Colin Wheildon has found conclusively that would-be communicators pay a massive price whenever they depart from the perhaps conservative standard of: serif type of a reasonable size, appropriate leading and line width, printed in black on a white paper background.

When you break those rules, you can predict how many readers you’ll lose as a result.

International fundraising expert Mal Warwick was the editor and publisher of the first edition of ‘Type & Layout’. He put Colin Wheildon’s guidelines into practice – and his monitoring showed that they did work and work well. Mal measured improved type and layout choices in big fundraising income.

Sorry, but you’re just not my type!

And it’s not just Mal Warwick that has championed this book over the past three decades. Ken Burnett also reviewed this book for SOFII in 2009.
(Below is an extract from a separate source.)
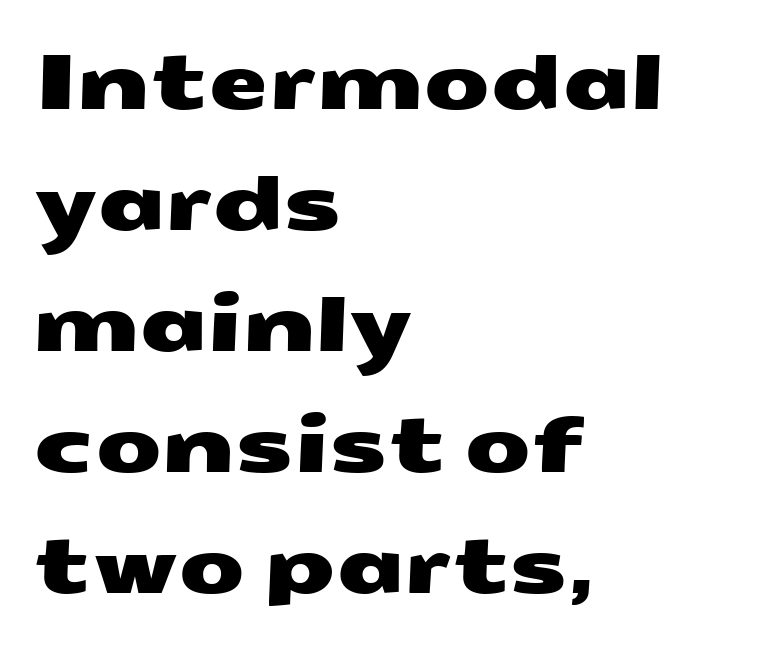
Do the characters align in a grid? No, the font is proportional. The text was rendered using a sans face with plain stroke endings. The rendering anchors every line to the left-hand side. Anything drawn beneath the words? Only blank space. Compared with typical paragraphs, the rows here are spaced about the same. You could call the tracking neutral — neither tight nor loose.

As Ken said, ‘this is the book that, perhaps more than any other, should be on every fundraiser’s shelf’.

Tall praise indeed from the man who brought us the book that changed most fundraiser’s lives … Relationship Fundraising.

As Ken wrote:

“Typestyle and typefaces may seem unlikely fare for readers of SOFII opinion pieces but not so if you want to communicate effectively with your donors.

It has been said that communication is the key to building donors’ trust and confidence, and also that fundraisers lose at least half of the potential readers of their printed materials simply because they squeeze in too many words and set the type too small.

They probably lose most of the other half because, unknowingly, they set their important messages in the wrong kind of type.”

You can see the full review on SOFII.

Effective fundraising is not about how pretty your printed material looks – it’s about how many donors respond to it.

Put this book into your tool kit of reference materials and your donors will love you for it – particularly your older donors.